Home Gaya Hidup Masjid Raya Sawahlunto, Bangunan Klasik Bekas Gudang Senjata

Masjid Raya Sawahlunto, Bangunan Klasik Bekas Gudang Senjata

Sawahlunto, Gatra.com - Masjid Nurul Islam atau Masjid Raya Sawahlunto merupakan satu dari sekian bangunan yang mencorakkan sejarah pertambangan batubara di Sawahlunto, Sumatera Barat. Bangunan klasik itu dibangun pada masa penjajahan kolonial Belanda, sezaman dengan pembangunan Lubang Tambang Mbah Soero, Museum Goedang Ransoem, Museum Kereta Api, dan PT Bukit Asam.

Masjid yang terletak di Kelurahan Kubang Sirakuak Utara, Kecamatan Lembah Segar, Kota Sawahlunto tersebut terletak tidak jauh dari Museum Kereta Api. Keberadaannya tidak sulit ditemui karena masih berada di jantung kota Sawahlunto atau kawasan kota tua.

Pengunjung yang pertama kali berkunjung ke kota itu bisa melihat cerobong asap dari kejauhan yang kini sudah disulap menjadi menara masjid dengan tinggi mencapai 75 meter. Arsitektur masjid Nurul Islam juga unik dan berbeda dari masjid kebanyakan di Sumatera Barat.

Dilihat dari sejarahnya, masjid yang dibangun pada masa penjajahan Belanda ini pada awalnya adalah pusat pembangkit listrik bertenaga uap atau PLTU. Bangunan itu dibangun pada tahun 1894 dan berubah fungsi menjadi masjid sejak tahun 1952. Sebelum difungsikan menjadi tempat ibadah, bangunan itu juga sempat difungsikan sebagai tempat perlindungan dan perakitan senjata oleh para pejuang kemerdekaan di Sawahlunto selama revolusi Indonesia.

Masjid yang saat ini dijadikan pusat pendidikan islam di kota tambang itu berukuran 60 × 60 meter dan memiliki satu kubah besar di tengahnya yang dikelilingi oleh empat kubah dengan ukuran lebih kecil. Menara masjid begitu kentara terlihat seperti cerobong asap, karena bentuknya yang bulat dan tertutup layaknya cerobong, dilengkapi dengan tangga besi sampai puncak.

Tapak, bak air di belakang, basement,dan menara masjid merupakan bagian-bagian yang tersisa dari PLTU pertama di Sawahlunto. Ruang basement menjadi bukti arkeologis, arsitektur dan struktur konstruksi bangunan sentral listrik yang dibangun pada akhir abad 19.

Sementara di bawah bangunan masjid terdapat lubang perlindungan yang pernah dipakai untuk merakit senjata, granat tangan, dan mortir.
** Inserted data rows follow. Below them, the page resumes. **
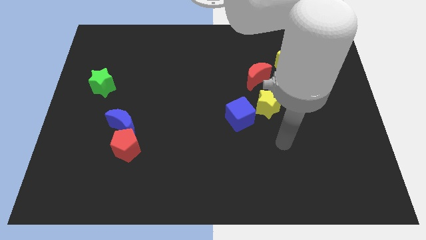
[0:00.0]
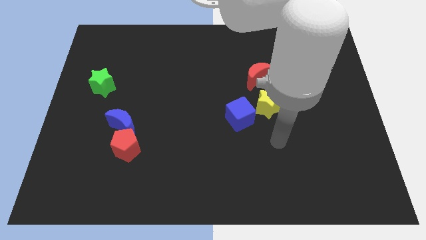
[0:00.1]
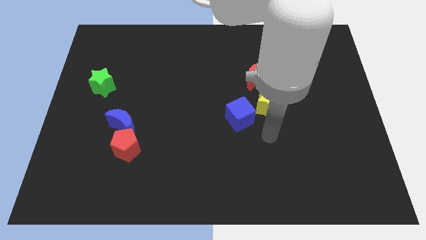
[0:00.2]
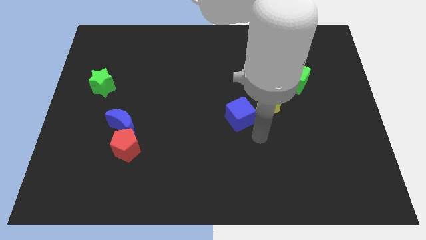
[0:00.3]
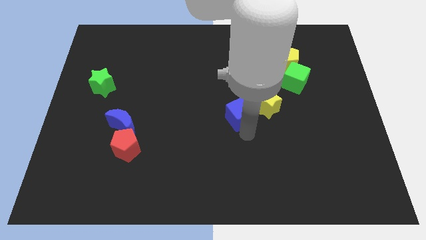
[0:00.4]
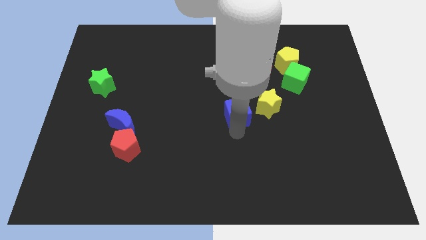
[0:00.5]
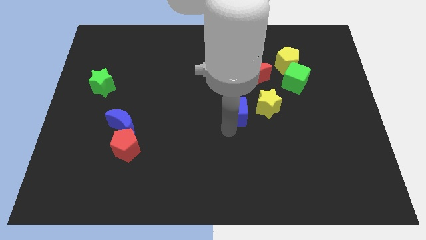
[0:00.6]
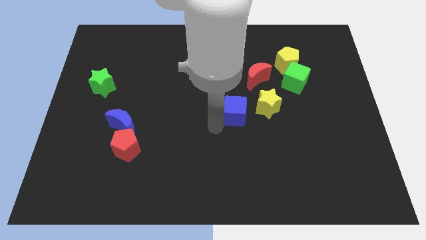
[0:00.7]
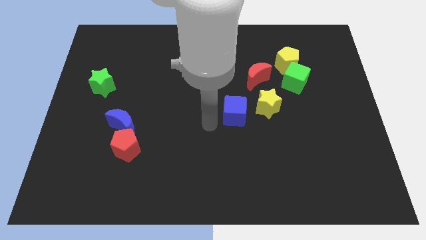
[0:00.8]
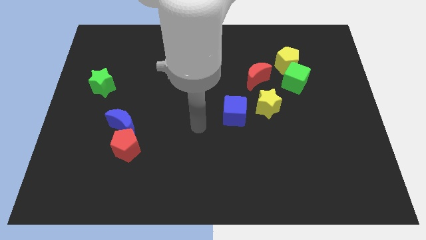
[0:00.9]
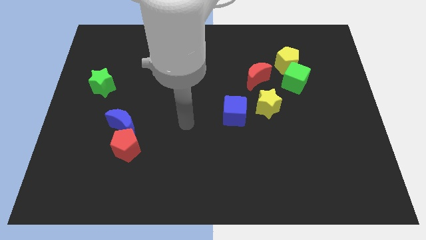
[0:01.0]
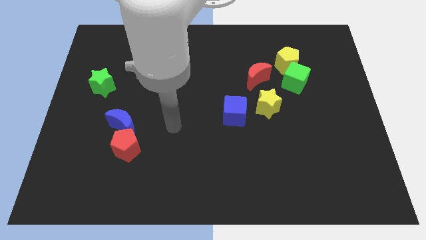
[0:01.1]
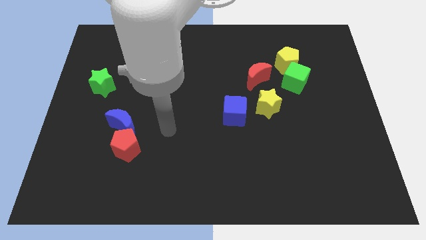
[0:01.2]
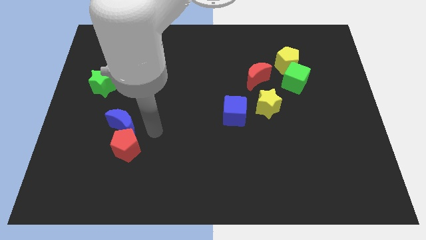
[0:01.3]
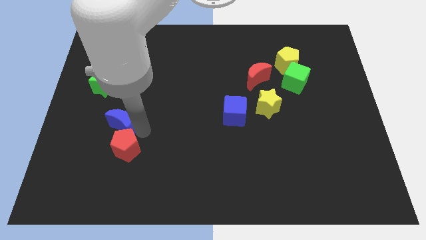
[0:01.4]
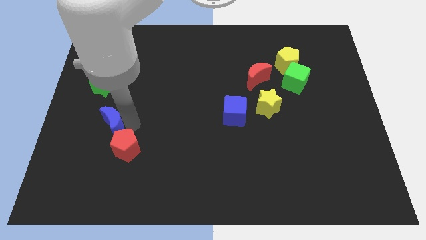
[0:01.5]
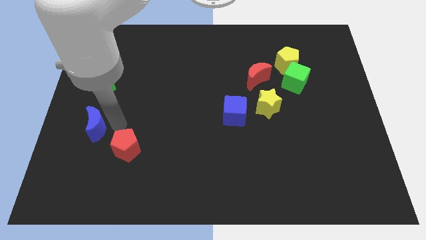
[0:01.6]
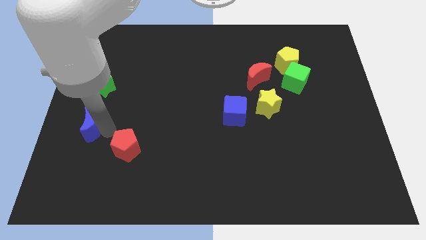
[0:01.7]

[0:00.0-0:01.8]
pull the red pentagon apart from the blue moon

Pada halaman depan atau sebelah kiri tangga menuju masjid terdapat terowongan kereta api untuk mengangkut batubara. Pengunjung masih bisa menemukan sebuah lori (kereta kecil) berisi batu bara, lengkap dengan jalur rel kereta api.

Pertumbuhan infrastruktur di Kota Sawahlunto dipicu karena adanya aktivitas pertambangan batubara, dan mengalami perkembangan pesat pada akhir abad ke-19. Sejalan dengan itu, pemerintah Hindia Belanda membangun pusat pembangkit listrik bertenaga uap (PLTU) untuk dapat menggerakkan berbagai mesin dengan memanfaatkan aliran Batang Lunto di Kubang Sirakuak pada 1894.

Namun mengingat debit air sungai yang berada di pinggir PLTU tersebut kian berkurang, pemerintah Hindia Belanda pada 1924 memindahkannya ke Salak, Talawi, yang memanfaatkan aliran Batang Ombilin sebagai lokasi baru pembangkit listrik.

Dimulainya kegiatan pertambangan batubara di Sawahlunto berawal dari seorang ahli pertambangan Belanda, Willem Hendrik de Greve, yang meneliti dan menemukan cadangan batu bara di sepanjang alur Sungai Ombilin pada 1867.

Pemerintah kolonial Belanda 20 tahun setelahnya mulai membangun infrastruktur guna menunjang kegiatan penambangan batubara. Seperti jalur kereta api ke Teluk Bayur, yang dipergunakan untuk mengangkut batubara ke luar negeri. Daerah tersebut mulai dieskploitasi secara besar-besaran sejak 1891 dengan mengerahkan pribumi sebagai pekerja tambang hingga berakhirnya masa penjajahan Belanda.